The neurologist's advice to seek out a speech language pathologist, may help to sort out how much Robin is able to understand speech and language, or if she could use assistive devices, including picture choices or even representations of objects to communicate. You may already have figured that out yourself though.

Oral language is so complicated that it requires most children several years to speak clearly, intelligibly and in sentences, long after they can understand most conversations.
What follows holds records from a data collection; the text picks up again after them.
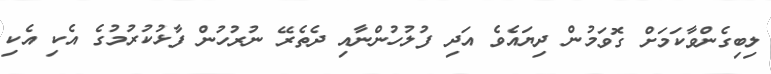
ލިބިގެންވާކަމަށް ގޮވަމުން ދިޔައެވެ އަދި ފުލުހުންނާއި ދެތެރޭ ނުރުހުން ފާޅުކުރުމުގެ އެކި އެކި
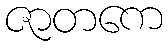
ဇာတကေ
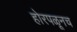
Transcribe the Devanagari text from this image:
होरपळूनच
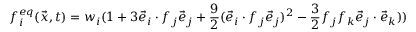
f _ { i } ^ { e q } ( \vec { x } , t ) = { w _ { i } } ( 1 + 3 \vec { e } _ { i } \cdot f _ { j } \vec { e } _ { j } + \frac { 9 } { 2 } ( \vec { e } _ { i } \cdot f _ { j } \vec { e } _ { j } ) ^ { 2 } - \frac { 3 } { 2 } f _ { j } f _ { k } \vec { e } _ { j } \cdot \vec { e } _ { k } ) )
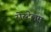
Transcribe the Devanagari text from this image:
रोस्टेलम
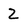
Character: 2
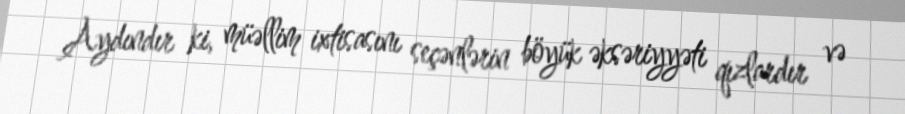
Aydındır ki, müəllim ixtisasını seçənlərin böyük əksəriyyəti qızlardır və
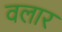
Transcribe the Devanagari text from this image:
वलार
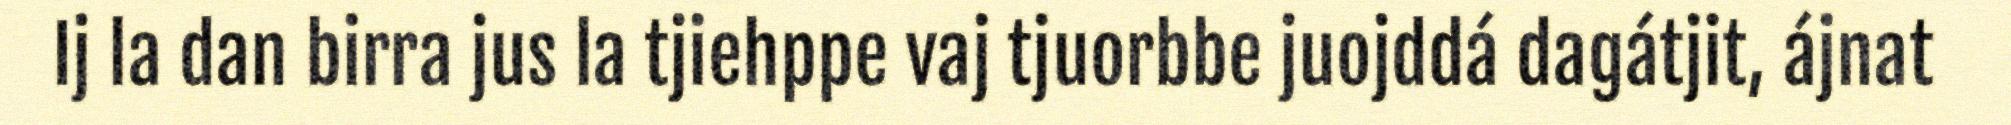
Ij la dan birra jus la tjiehppe vaj tjuorbbe juojddá dagátjit, ájnat
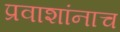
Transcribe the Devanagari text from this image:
प्रवाशांनाच
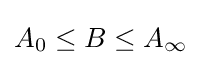
A_{0}\leq B\leq A_{\infty }
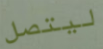
ليتصل
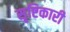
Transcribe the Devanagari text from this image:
सृष्टिकारी
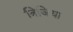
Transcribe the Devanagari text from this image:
त्रिजिया
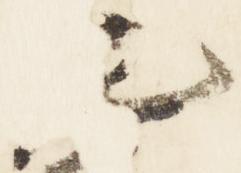
左
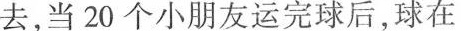
去，当20个小朋友运完球后，球在
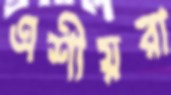
এশীয়রা
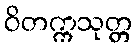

In Robin's case, the six years or so since her diagnosis may mean that she is showing the effects of the slow progression of the disease, and not a result of anything the cancer surgery, UTI or medication for that caused. I have known other women, including an aunt, who gradually lost the ability to communicate years after the early signs of Alzheimer's, although sometimes they spoke easily in moments that were precious. I hope that Robin at least has such moments also.

If Robin is frustrated when you can't understand her, it may help to say something like "I know you're telling me something important. I didn't get it this time, but we'll try again later." Or "Can you show me the room where you want to go?" or even something like "I love your voice, Robin." When words fails us; we all still love the voice of loved ones, and a kind touch--both of which I know you have.